There are two HTTP APIs in primer-service
.
First, there's what we informally call the "Servant API." This API is
implemented using Servant, obviously, and it exposes the full power &
capabilities of our Haskell implementation of the Primer programming
language. If you want to write a Primer API client in Haskell, you'll
almost certainly want to use this version of the API. The
primer-service
package provides an accompanying Servant client
module that makes writing such clients relatively painless. See that
project's Haddocks for details.
Unfortunately, Servant's remarkable ability to faithfully represent the power of Haskell's type system via HTTP makes Servant APIs really difficult to use with languages other than Haskell, at least not without quite a bit of mangling of the native Haskell types.
Therefore, primer-service
provides a second, much simpler REST-ish
API, intended for use with clients written in pretty much any language
other than Haskell. Unlike the Servant API, this API comes with an
automatically generated OpenAPI 3 specification that makes it easy to
use with lots of web application frameworks.

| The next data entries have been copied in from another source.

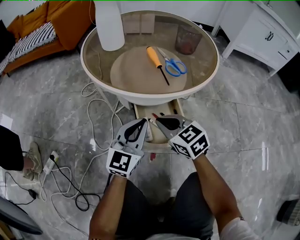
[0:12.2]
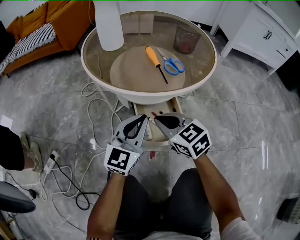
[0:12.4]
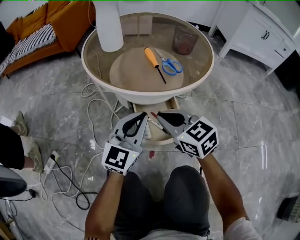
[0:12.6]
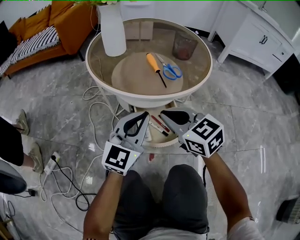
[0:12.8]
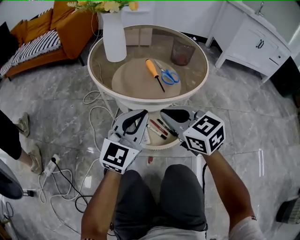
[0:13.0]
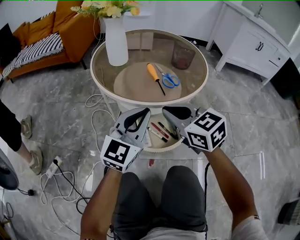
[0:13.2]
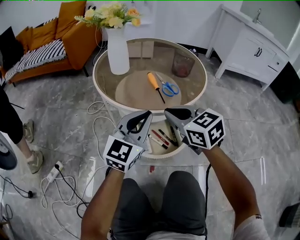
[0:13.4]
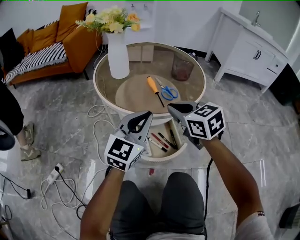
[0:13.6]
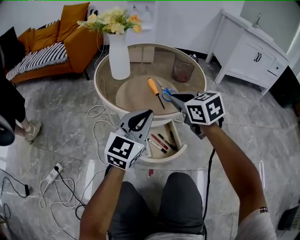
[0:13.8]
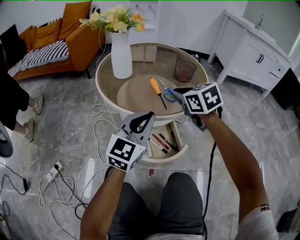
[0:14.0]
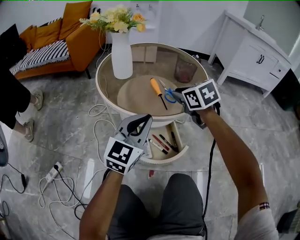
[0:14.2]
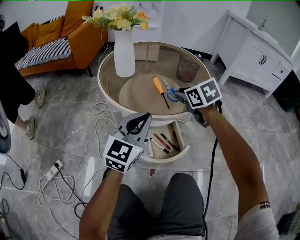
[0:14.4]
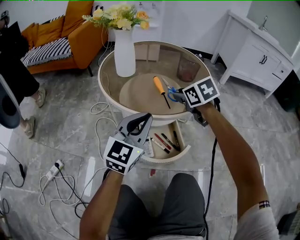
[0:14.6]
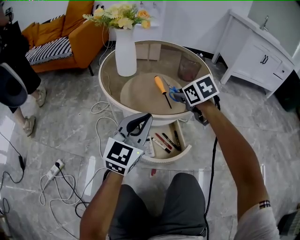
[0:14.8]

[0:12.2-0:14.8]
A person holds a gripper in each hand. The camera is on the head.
0:12.2 to 0:13.4: The grippers both shift upward by some 15 cm.
0:13.4 to 0:14.8: The right gripper moves forward, approximately 15 cm, swivels roughly 20 degrees, and opens.

The overarching design principle of the OpenAPI API is that we want the client application to be mostly unburdened with concerns about Primer's syntax and semantics. This means that implementers of Primer OpenAPI clients can focus on the UI and user experience (UX), and leave the really technical aspects of type checking, ASTs, editing actions, etc., to the backend implementation.

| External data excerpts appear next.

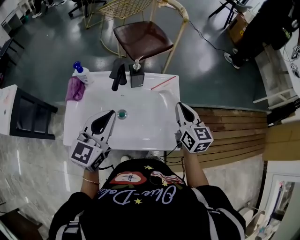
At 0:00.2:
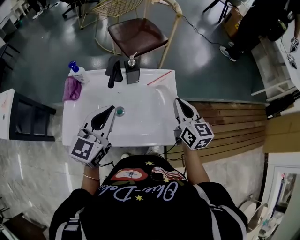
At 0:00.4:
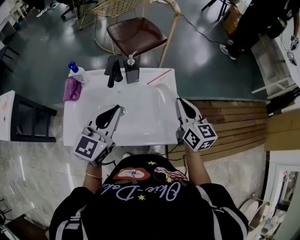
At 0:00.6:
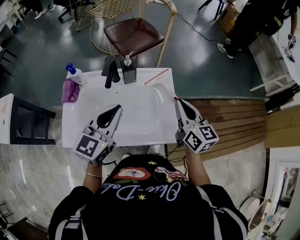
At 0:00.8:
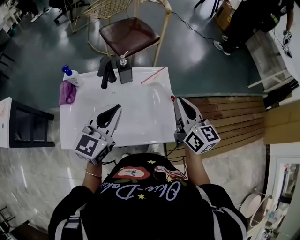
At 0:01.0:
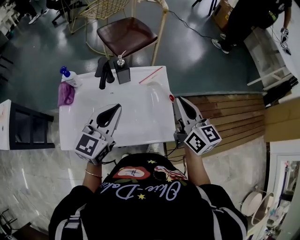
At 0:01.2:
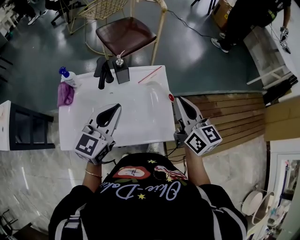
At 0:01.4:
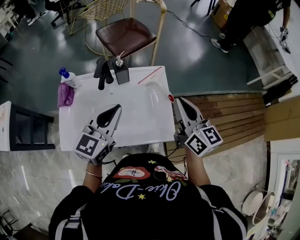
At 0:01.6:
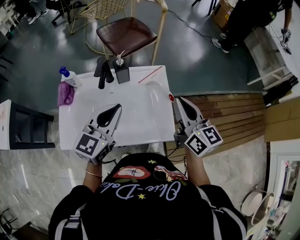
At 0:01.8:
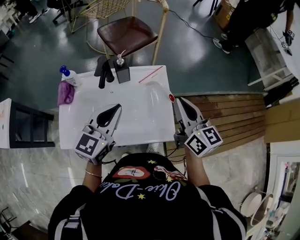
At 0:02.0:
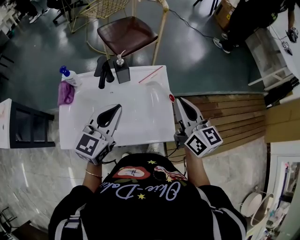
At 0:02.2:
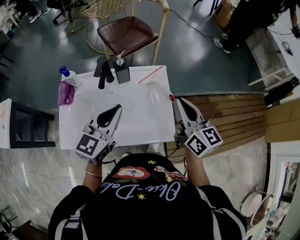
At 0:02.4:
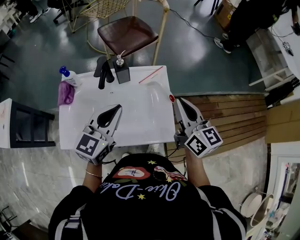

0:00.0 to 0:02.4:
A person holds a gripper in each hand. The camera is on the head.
0:00.0 to 0:01.2: The right gripper travels upward by some 5 cm, while the left gripper goes approximately 5 cm to the right.
0:01.2 to 0:02.4: Both grippers stay about where they are.

The obvious use case for this version of the API is our web-based
Primer frontend client, which lives in the
primer-app
GitHub
repo and is written entirely in TypeScript.

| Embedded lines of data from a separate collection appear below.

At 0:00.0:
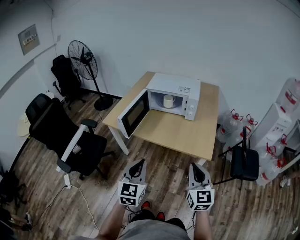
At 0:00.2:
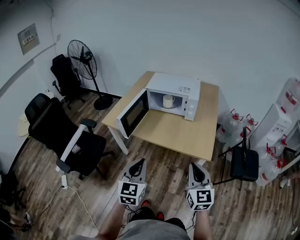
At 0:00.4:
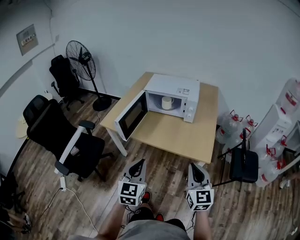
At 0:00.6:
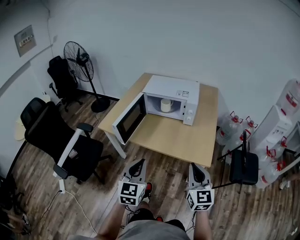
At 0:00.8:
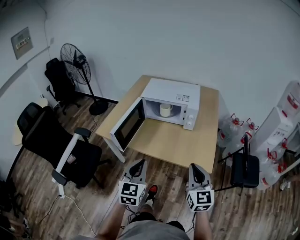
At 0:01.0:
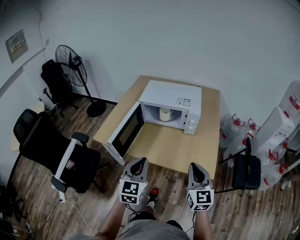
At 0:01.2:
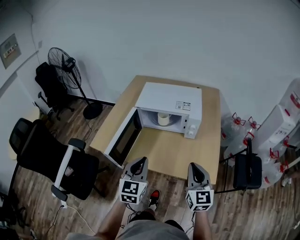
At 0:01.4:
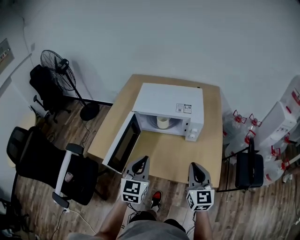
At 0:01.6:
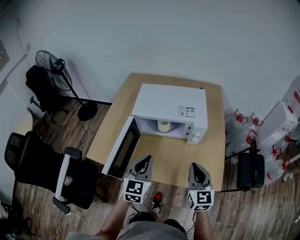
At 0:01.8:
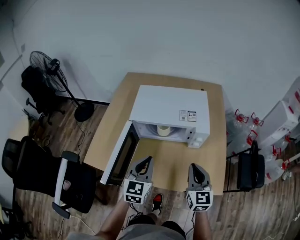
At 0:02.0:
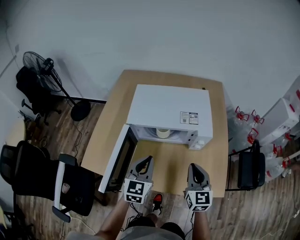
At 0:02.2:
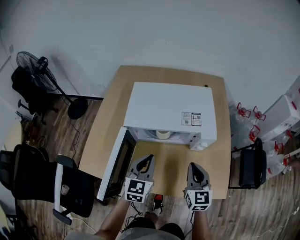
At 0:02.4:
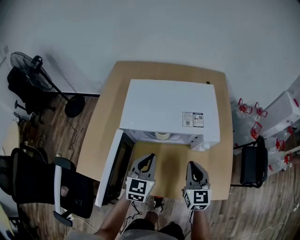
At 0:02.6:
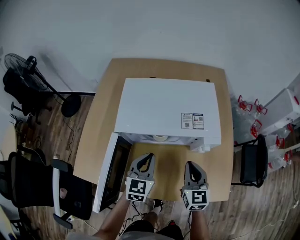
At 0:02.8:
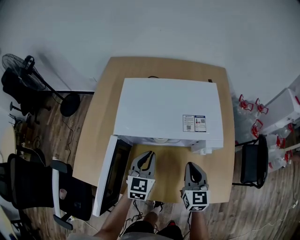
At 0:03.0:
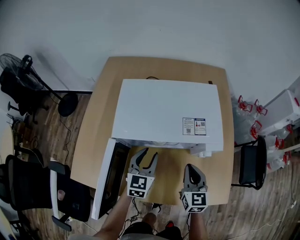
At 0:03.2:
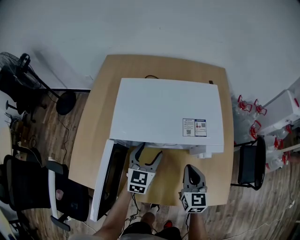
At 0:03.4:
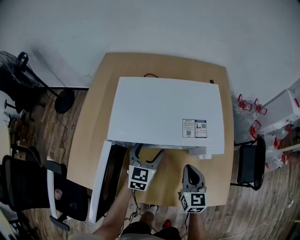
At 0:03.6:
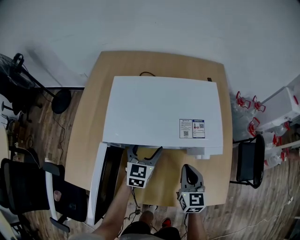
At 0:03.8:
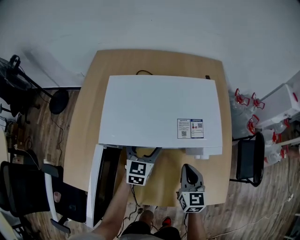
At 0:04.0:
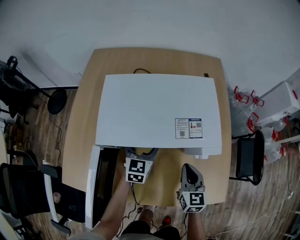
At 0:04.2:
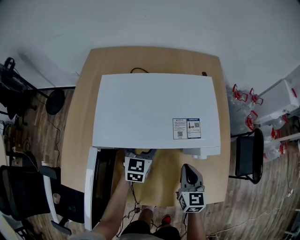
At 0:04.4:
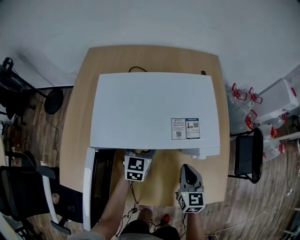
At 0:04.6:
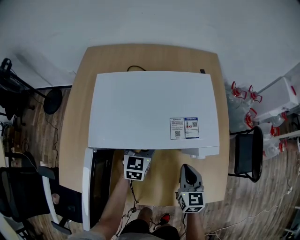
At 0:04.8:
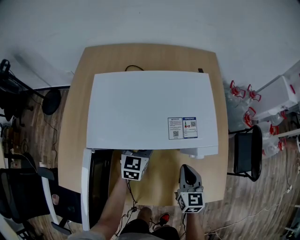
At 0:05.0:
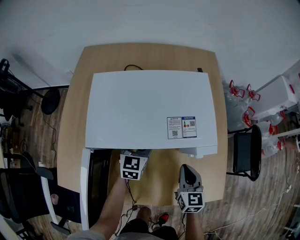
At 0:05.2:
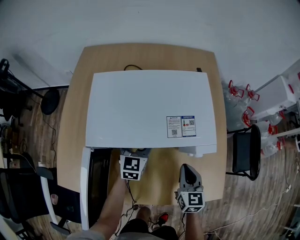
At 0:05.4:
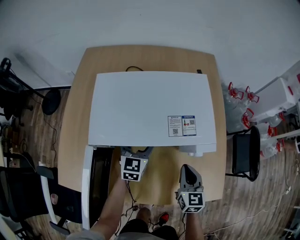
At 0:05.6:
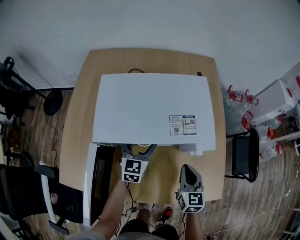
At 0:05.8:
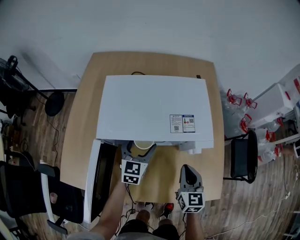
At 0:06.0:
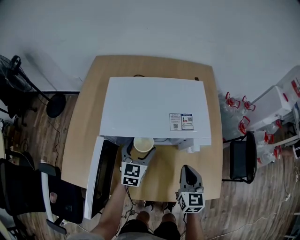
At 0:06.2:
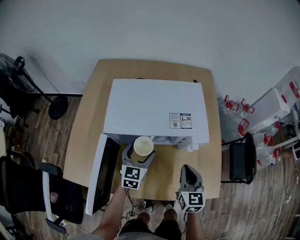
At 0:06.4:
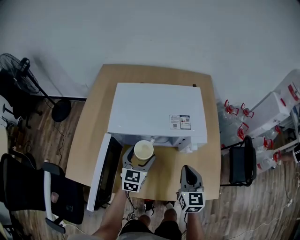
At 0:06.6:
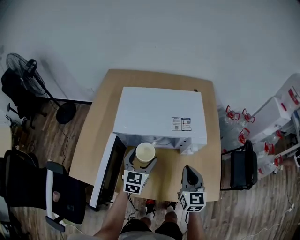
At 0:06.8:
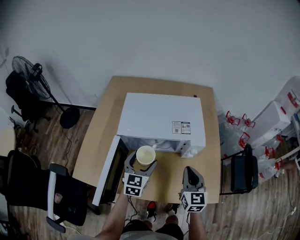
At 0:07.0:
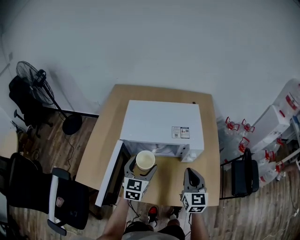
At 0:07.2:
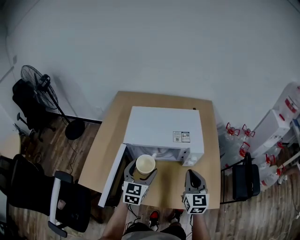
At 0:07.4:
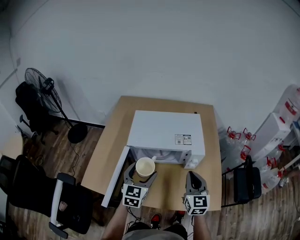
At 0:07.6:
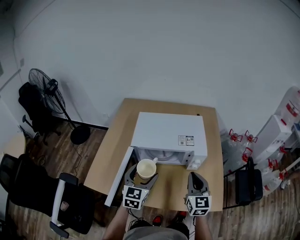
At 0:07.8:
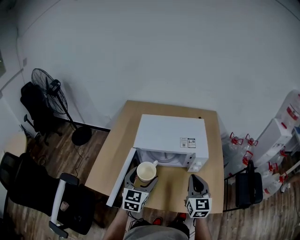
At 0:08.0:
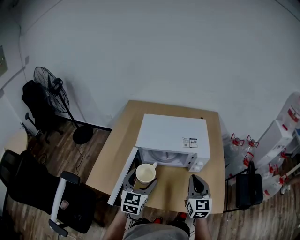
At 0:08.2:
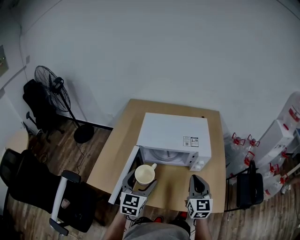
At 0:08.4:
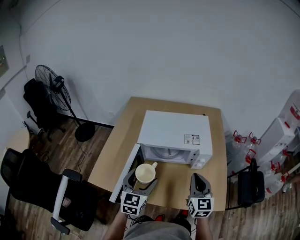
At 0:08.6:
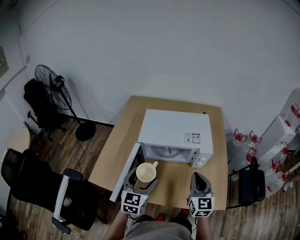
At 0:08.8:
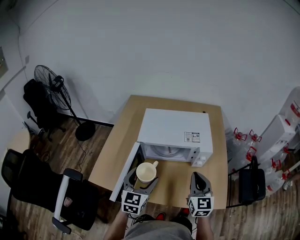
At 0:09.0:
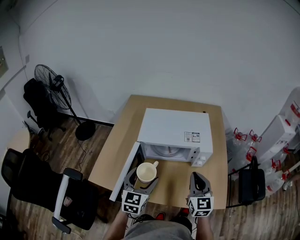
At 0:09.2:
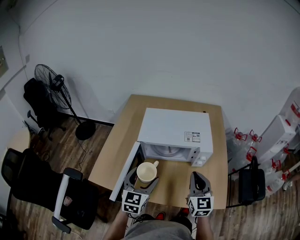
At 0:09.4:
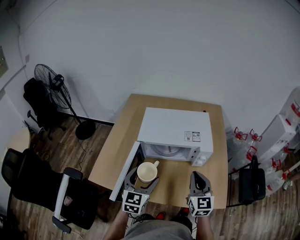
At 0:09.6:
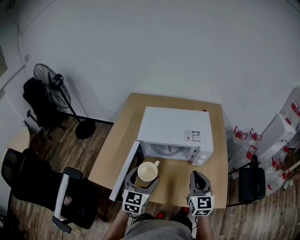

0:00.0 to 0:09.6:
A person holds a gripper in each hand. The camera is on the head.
0:00.0 to 0:01.6: Both grippers move forward, about 35 cm.
0:01.6 to 0:03.2: Both grippers travel together forward and downward, approximately 25 cm. The left gripper opens up.
0:03.2 to 0:04.8: The left gripper travels forward by approximately 10 cm. The right gripper changes place by about 5 cm.
0:04.8 to 0:06.4: The left gripper heads backward and upward, covering approximately 15 cm, while the right gripper travels upward by approximately 10 cm.
0:06.4 to 0:08.0: The left gripper goes some 20 cm upward and backward; the right gripper is displaced upward by some 10 cm.
0:08.0 to 0:09.6: The grippers stay close to where they were, moving slightly.

To automatically generate the specification for primer-service
's
OpenAPI 3 API, run this command:
make openapi.json
This will place the generated spec in a file named openapi.json
.
Note: this file should only be checked into git for use in our test suite. That copy can be found here, and should be updated whenever the OpenAPI bindings change. (The project includes a test that will fail if the specification changes, and the previously-generated specification is out of date.)